Назавтра в Бункере поминали Сашку Дегтя, Люкса, Тука и Жеку. Набрали ящиками водки, палками – колбасу, принесли сетку лимонов, пили, пели, ели, орали и плакали, как дети, размазывая слезы по красным от водки лицам. Фюрер в Бункере больше не появлялся.
И этот, Уродец, не появлялся тоже.
И эта его слепая девка, чернушка, раскосая Дарья, тоже как провалилась.
– Н-на!
Размах руки. Он не знает приемов. Он бьет напропалую. Нет, конечно, он все же что-то знает. Те, в горах, боевики, научили его кое-чему. И те, кто его бил когда-либо в жизни, тоже научили его кое-чему. И те, кого бил он, жестоко, отчаянно, с кем дрался не на жизнь, а на смерть, тоже научили его кое-чему.
И сейчас он все это вспомнил.
Некогда было особо вспоминать. Надо было бить. Соперник был сильный. Он брал телесной крепостью, сытостью, упитанностью и упругостью молодящегося изо всех сил тела, натренированного, напичканного импортными питательными смесями, накачанного на новейших тренажерах. Он дрался с сильным мужиком, и мужик вмазывал ему будь здоров. И надо было все время быть на стреме. Надо было, как на ринге, рассчитывать силы и движения. Не махать руками. Не бить глупо. С таким противником надо было быть умным. Умнее зверя. Умнее человека. Умнее Бога.
– Н-на!.. Получи!..
Они оба валялись на полу.
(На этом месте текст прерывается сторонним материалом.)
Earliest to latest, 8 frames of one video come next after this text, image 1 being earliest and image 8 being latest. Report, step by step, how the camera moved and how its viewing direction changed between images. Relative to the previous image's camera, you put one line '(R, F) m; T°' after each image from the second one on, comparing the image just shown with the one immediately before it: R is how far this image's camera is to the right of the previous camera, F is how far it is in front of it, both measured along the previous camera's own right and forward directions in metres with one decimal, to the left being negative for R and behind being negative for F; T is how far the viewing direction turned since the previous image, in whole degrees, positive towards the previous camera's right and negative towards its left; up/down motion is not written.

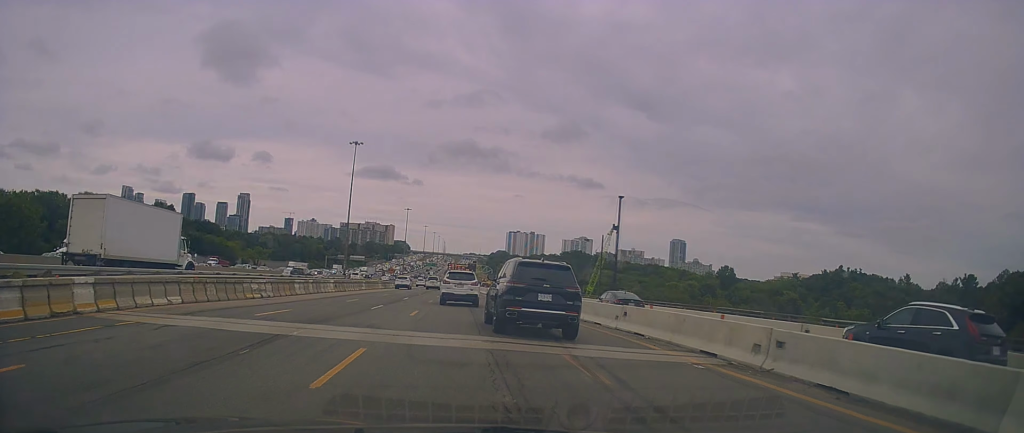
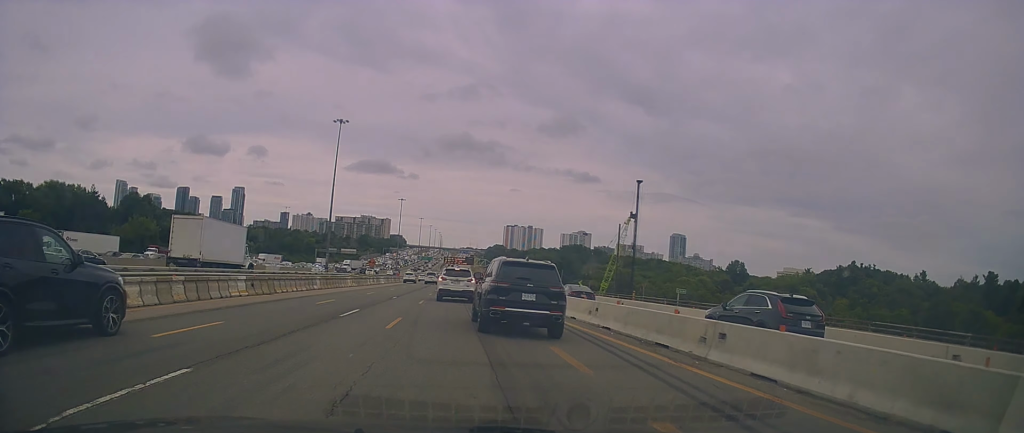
(+0.1, +16.5) m; +3°
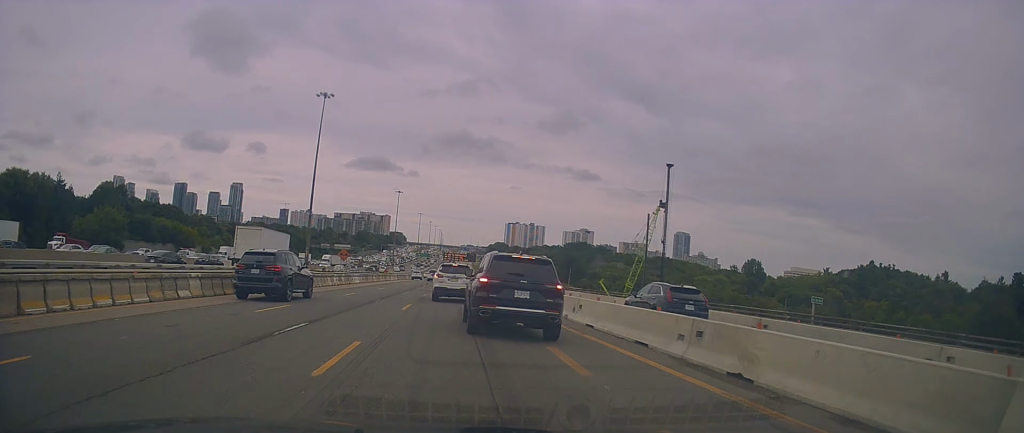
(+0.8, +18.3) m; +1°
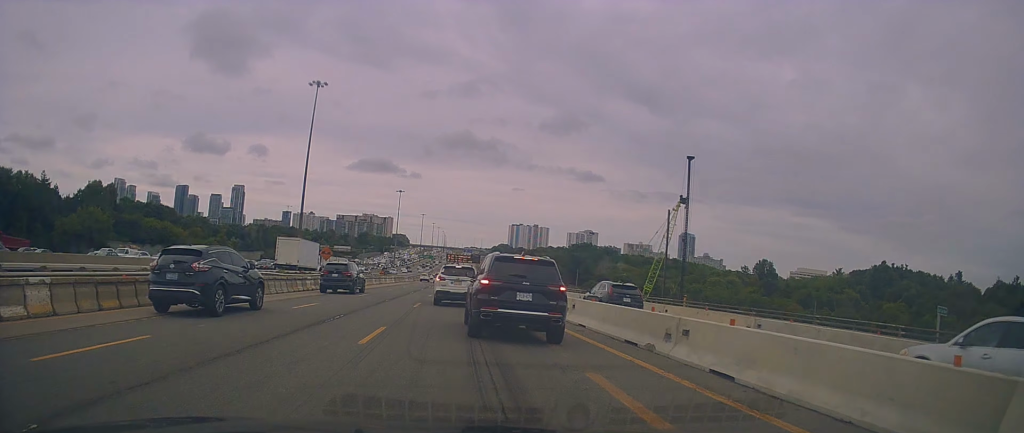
(-0.3, +11.0) m; -3°
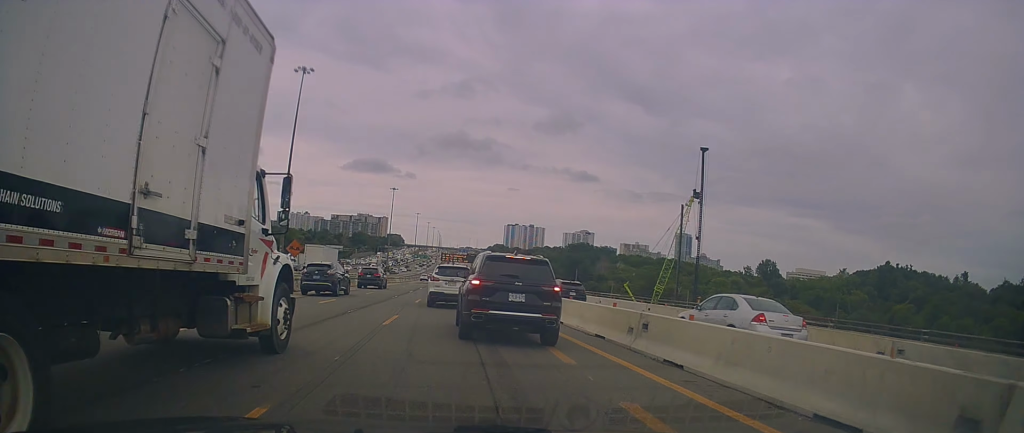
(-0.3, +9.7) m; 0°
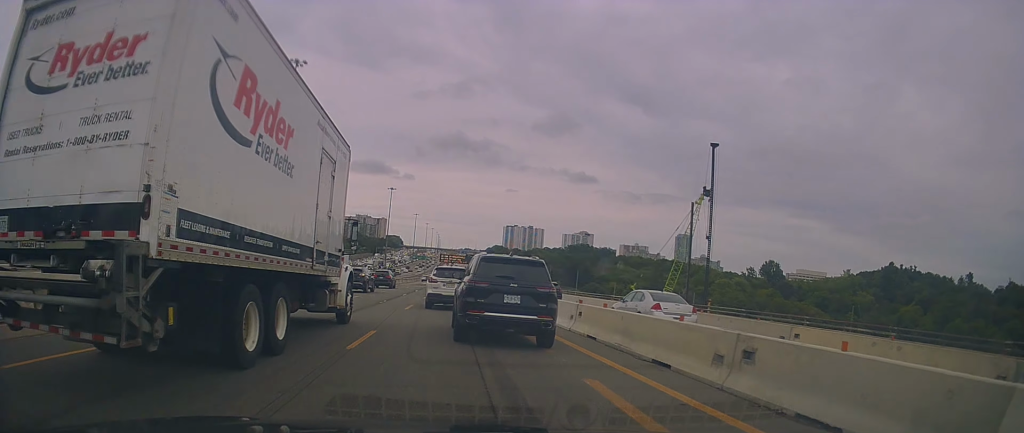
(0.0, +5.1) m; +1°
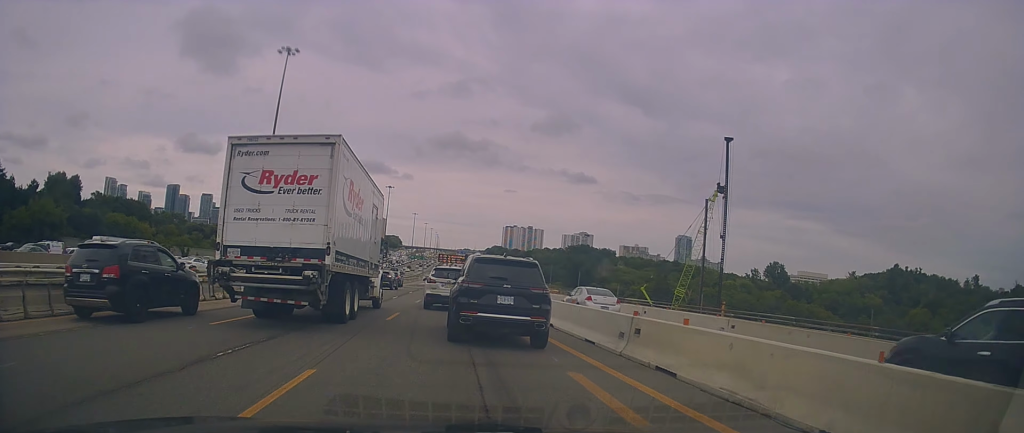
(+0.3, +5.7) m; 0°
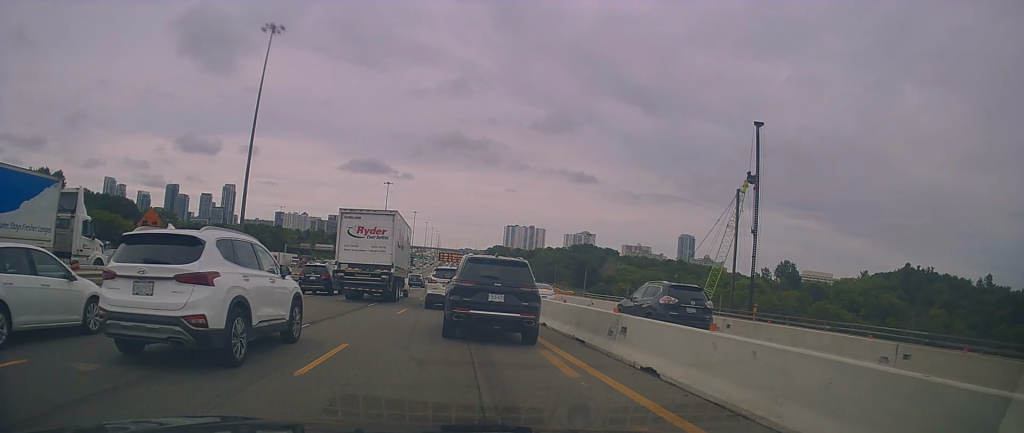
(-0.3, +9.5) m; 0°
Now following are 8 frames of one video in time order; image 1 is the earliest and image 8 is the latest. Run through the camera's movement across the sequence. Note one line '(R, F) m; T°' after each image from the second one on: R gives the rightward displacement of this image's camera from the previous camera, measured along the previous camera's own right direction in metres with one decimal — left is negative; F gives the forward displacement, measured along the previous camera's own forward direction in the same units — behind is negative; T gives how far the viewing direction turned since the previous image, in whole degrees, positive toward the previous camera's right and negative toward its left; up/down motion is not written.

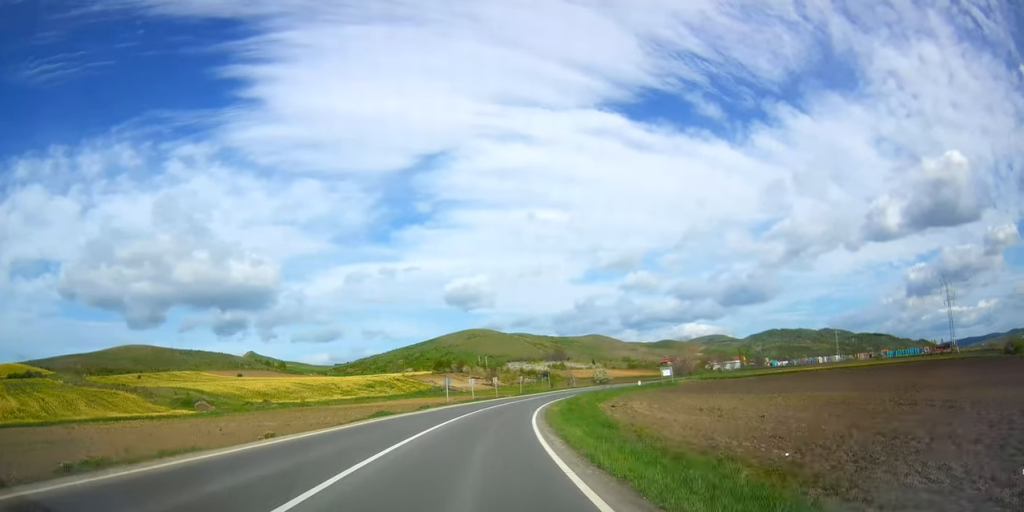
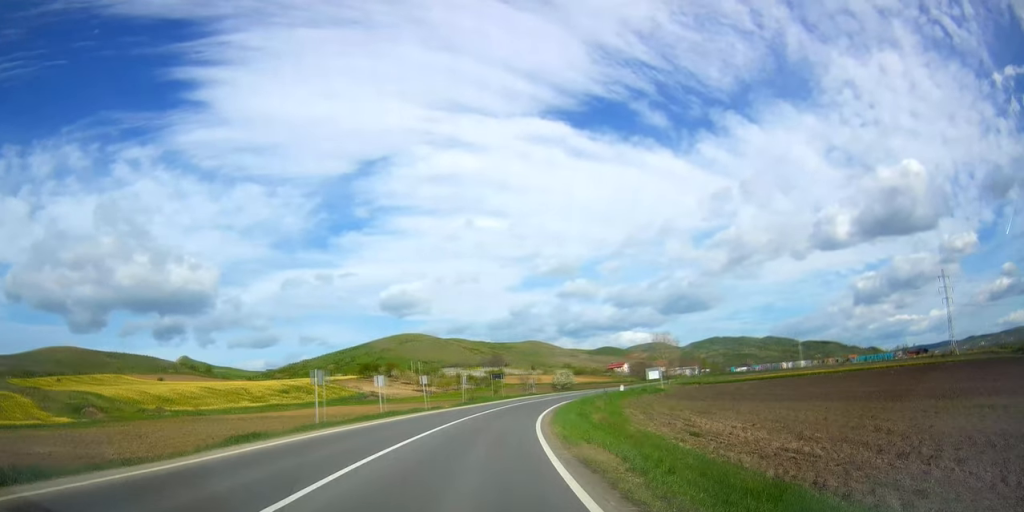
(+1.8, +26.4) m; +8°
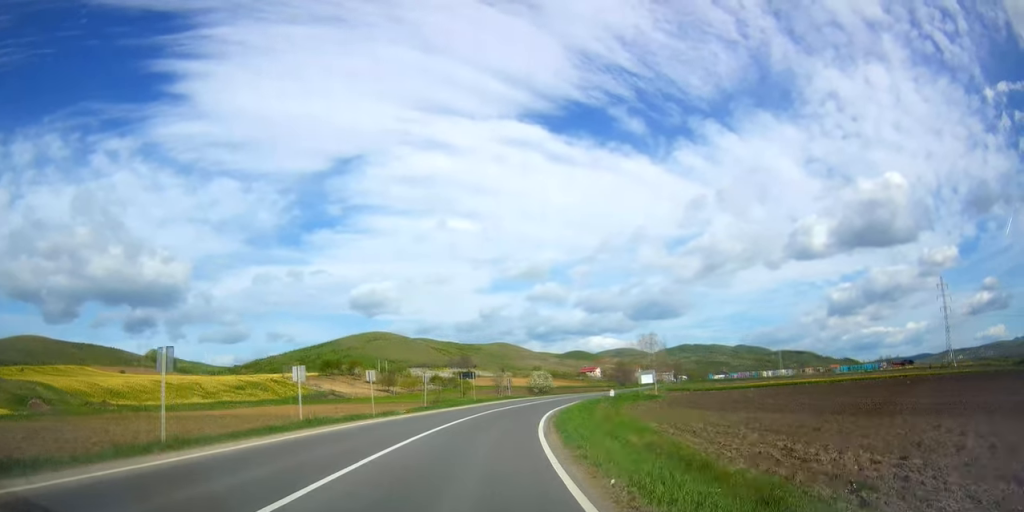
(+0.3, +11.3) m; +3°
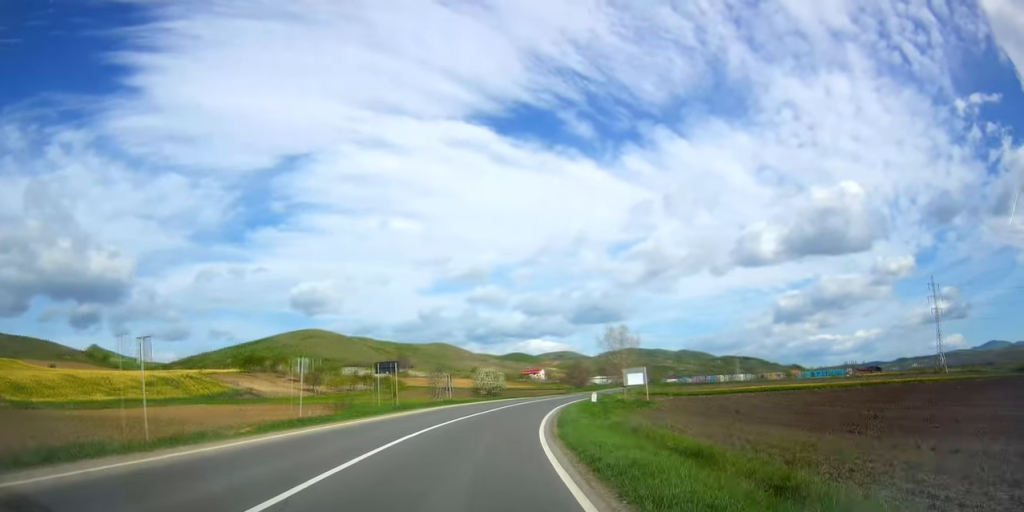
(+0.6, +19.8) m; +4°
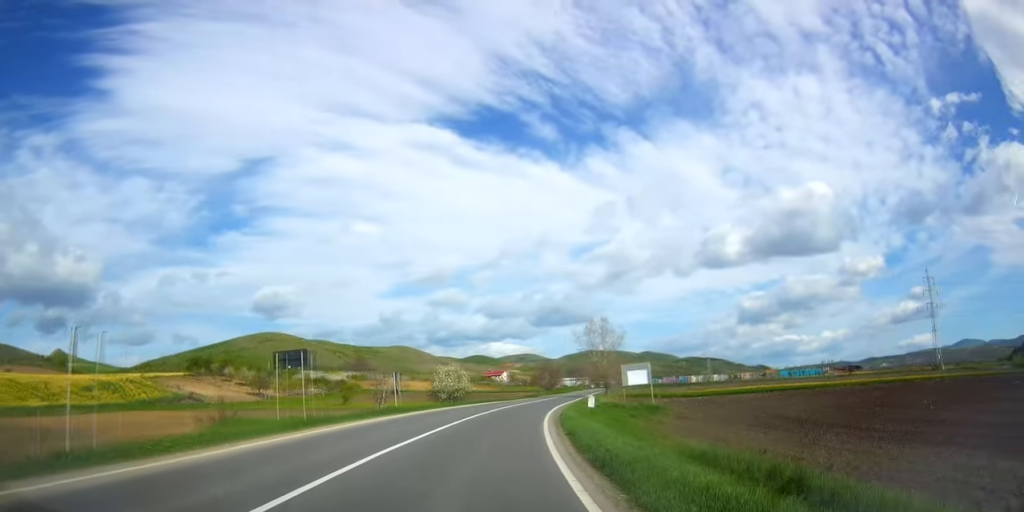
(+0.4, +12.7) m; +3°
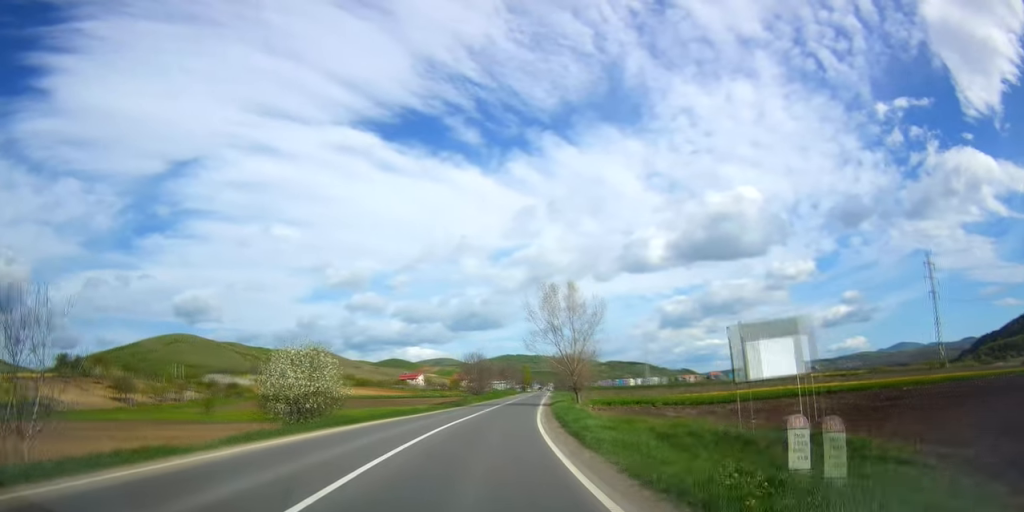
(+1.9, +30.0) m; +9°
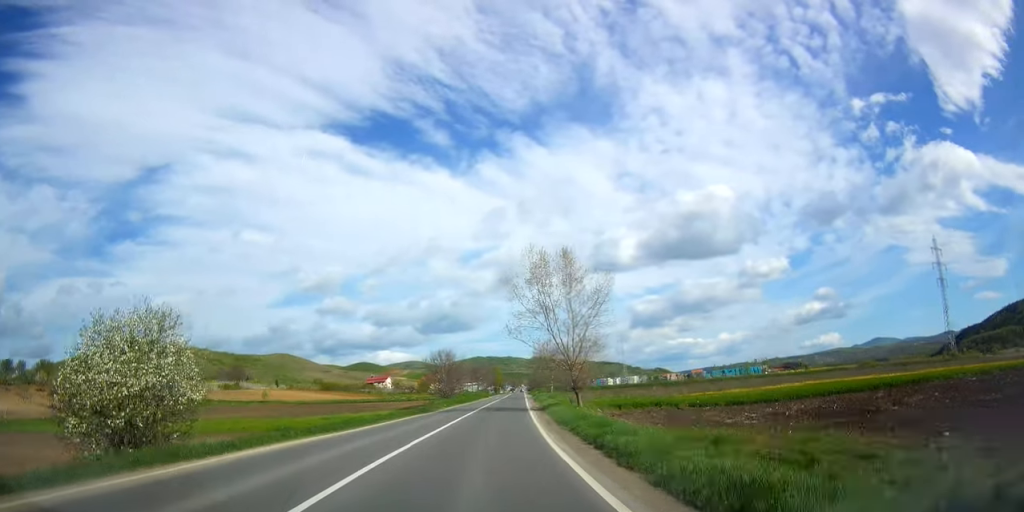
(+0.9, +12.9) m; +4°
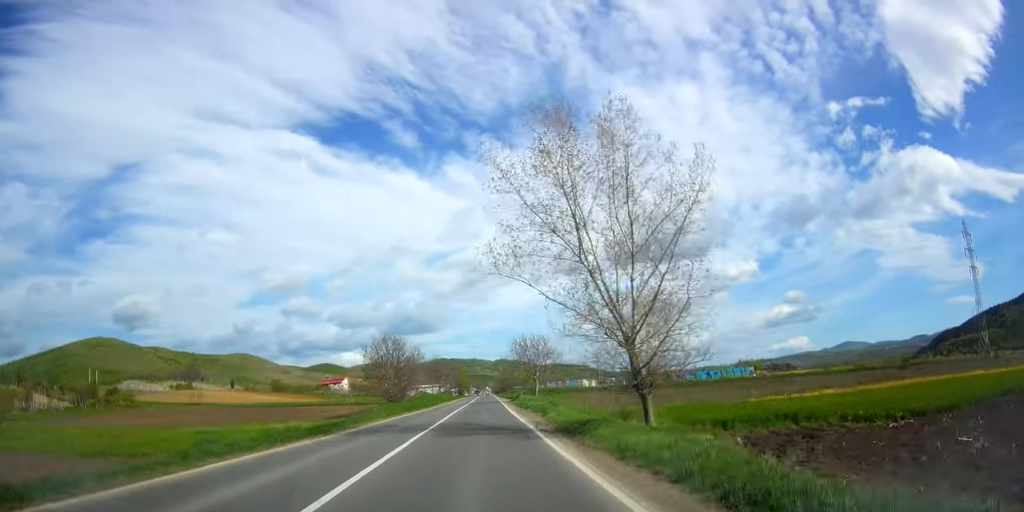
(+1.1, +21.6) m; +5°

Громадная сытая туша навалилась на него, прижала к полу. Сильные руки душили. Он ощутил удары по лицу. По своему уродливому лицу. Один. Другой. Третий. Он понимал: его лицо разбивают в кровь. В лепешку. В отбивную.
Он понимал: его лицо уродуют во второй раз. Окончательно. И бесповоротно.